ABOUT THIS EXERCISE
Your answer should be a single number: the count of lines in the records below containing the word "http".

DATA UNDER STUDY
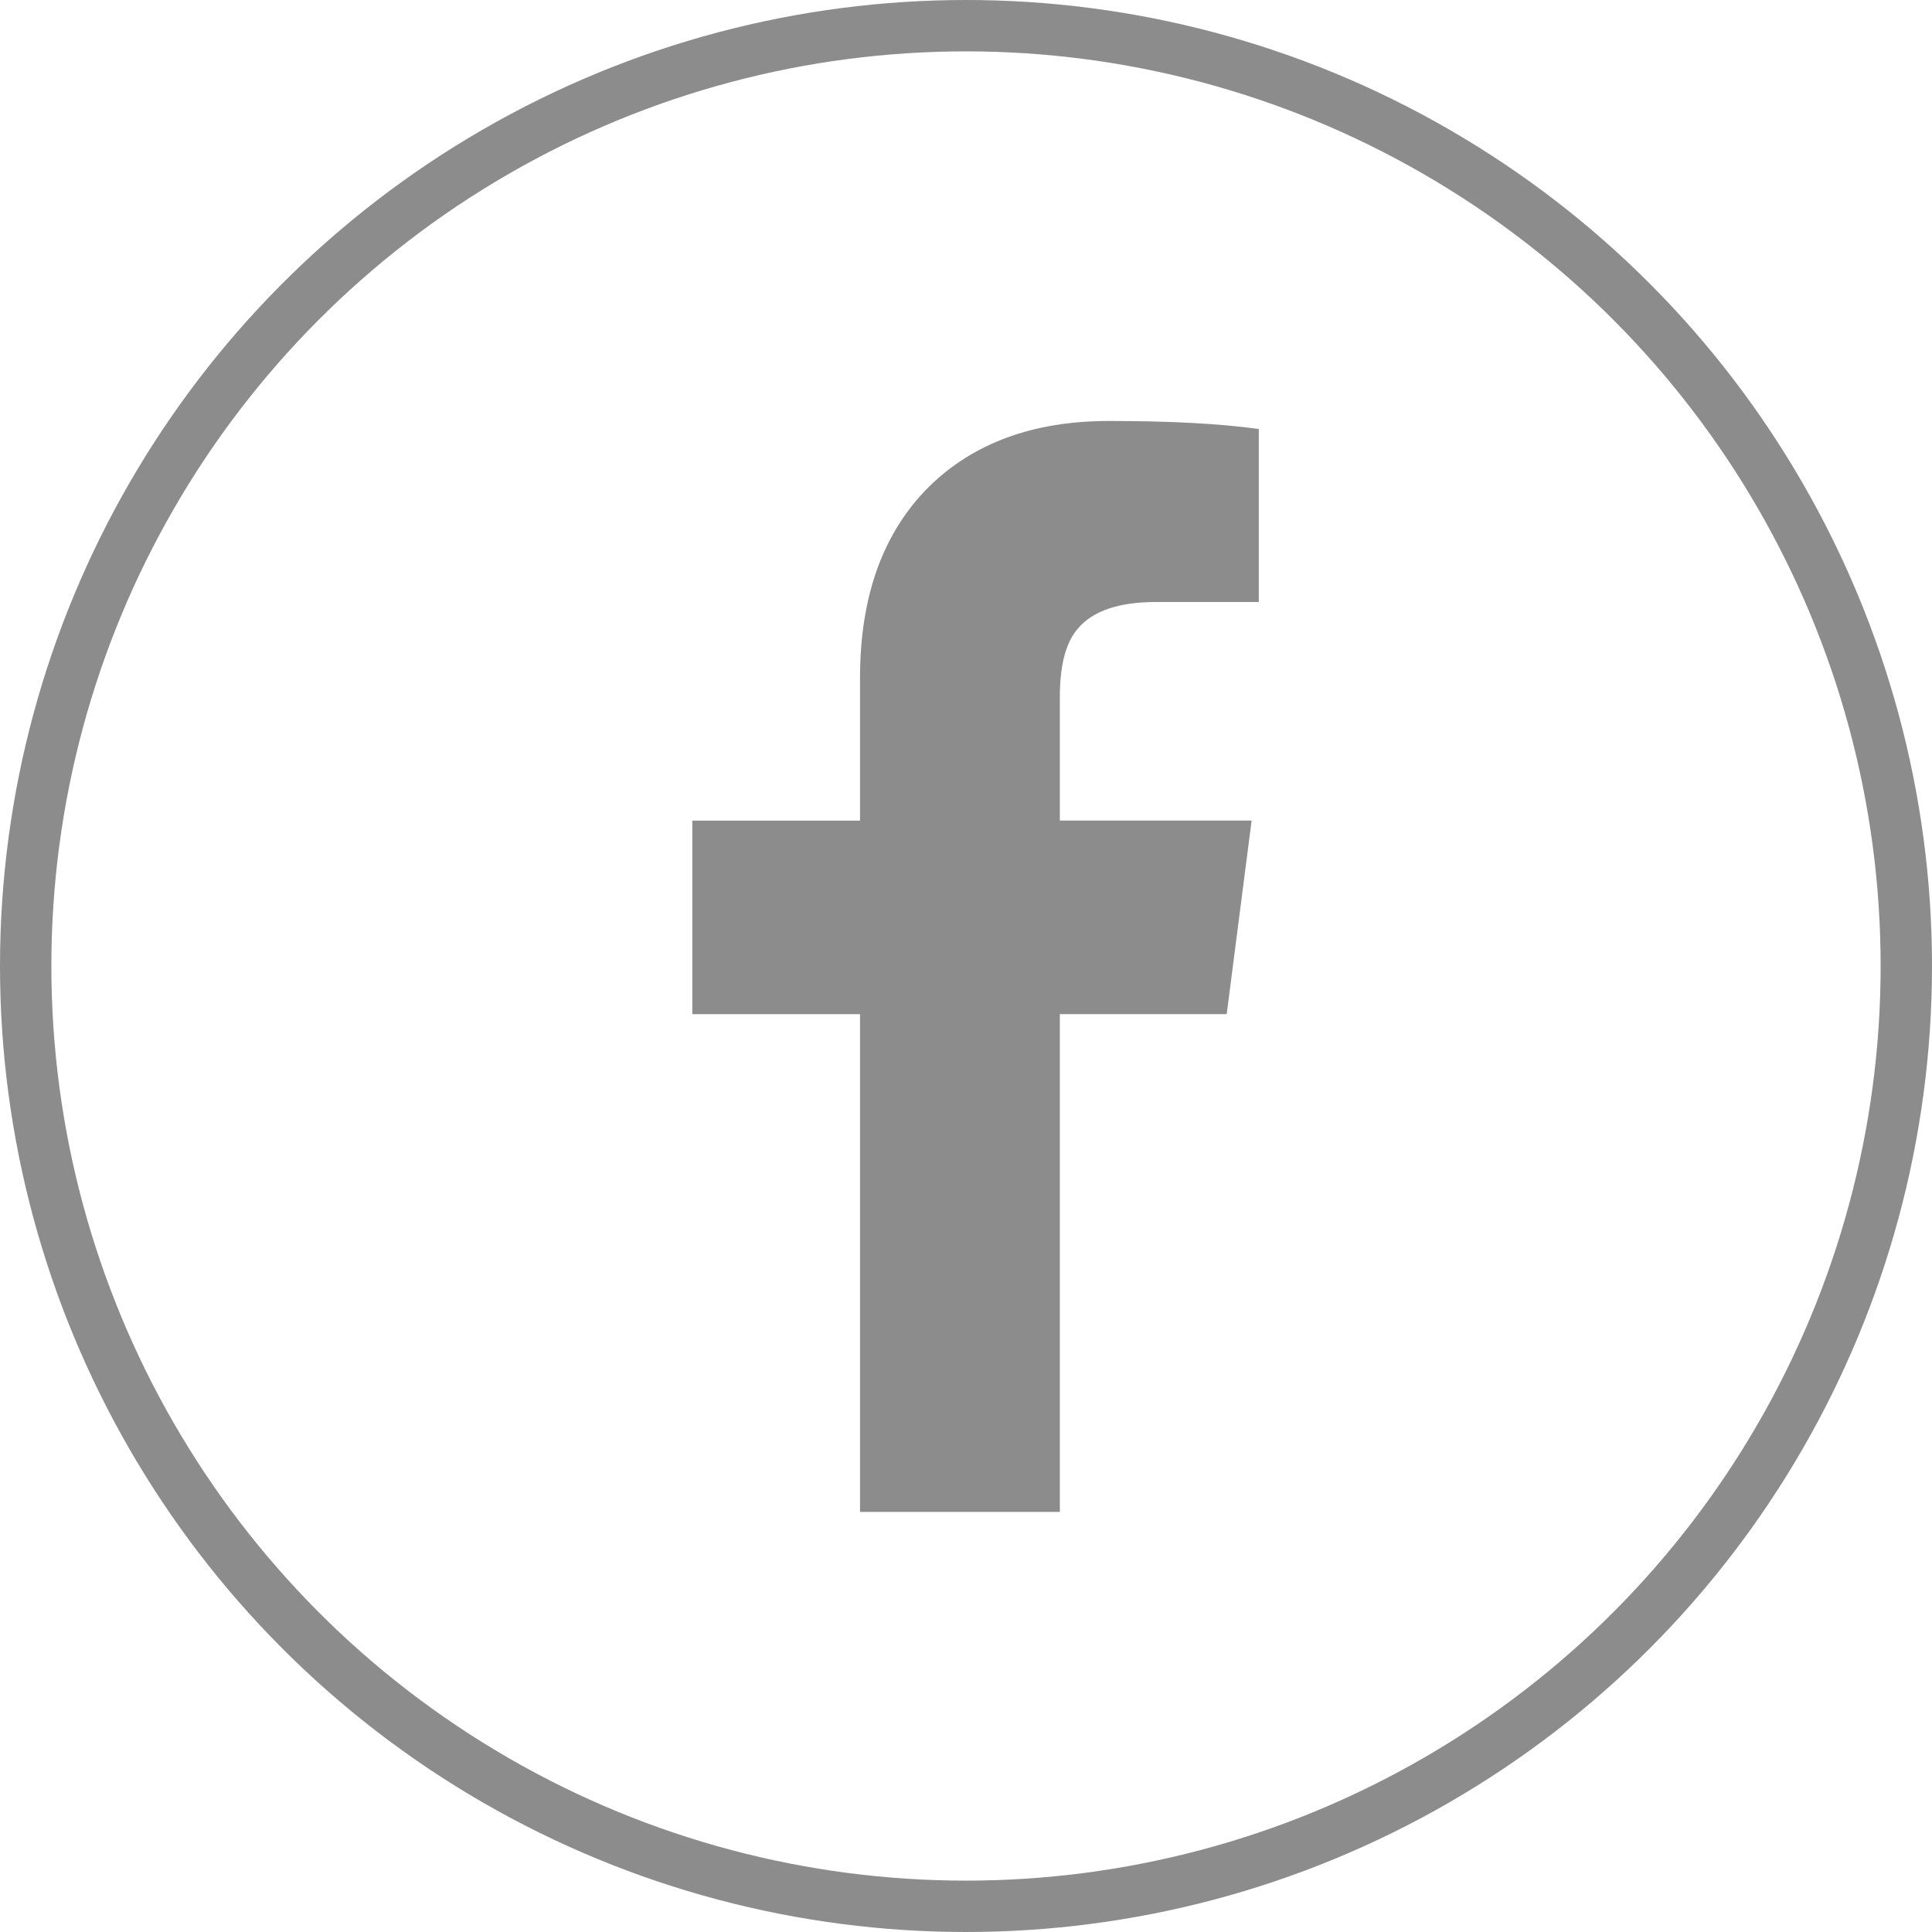 <?xml version="1.0" encoding="iso-8859-1"?>
<!-- Generator: Adobe Illustrator 16.0.3, SVG Export Plug-In . SVG Version: 6.00 Build 0)  -->
<!DOCTYPE svg PUBLIC "-//W3C//DTD SVG 1.1//EN" "http://www.w3.org/Graphics/SVG/1.1/DTD/svg11.dtd">
<svg version="1.1" id="Ebene_1" xmlns="http://www.w3.org/2000/svg" xmlns:xlink="http://www.w3.org/1999/xlink" x="0px" y="0px"
	 width="37.61px" height="37.61px" viewBox="0 0 37.61 37.61" style="enable-background:new 0 0 37.61 37.61;" xml:space="preserve"
	>
<g>
	<path style="fill:#8C8C8C;" d="M20.632,19.743v9.689h-3.89v-9.689h-3.265v-3.768h3.265v-2.779c0-1.586,0.445-2.824,1.337-3.716
		c0.868-0.856,2.038-1.285,3.508-1.285c1.192,0,2.165,0.052,2.918,0.156v3.368h-1.997c-0.729,0-1.239,0.174-1.528,0.521
		c-0.231,0.267-0.348,0.707-0.348,1.32v2.414h3.733l-0.485,3.768H20.632z"/>
	<g>
		<circle style="fill:none;stroke:#8C8C8C;" cx="18.805" cy="18.805" r="18.305"/>
	</g>
</g>
</svg>

RESULT FOR THIS TASK
2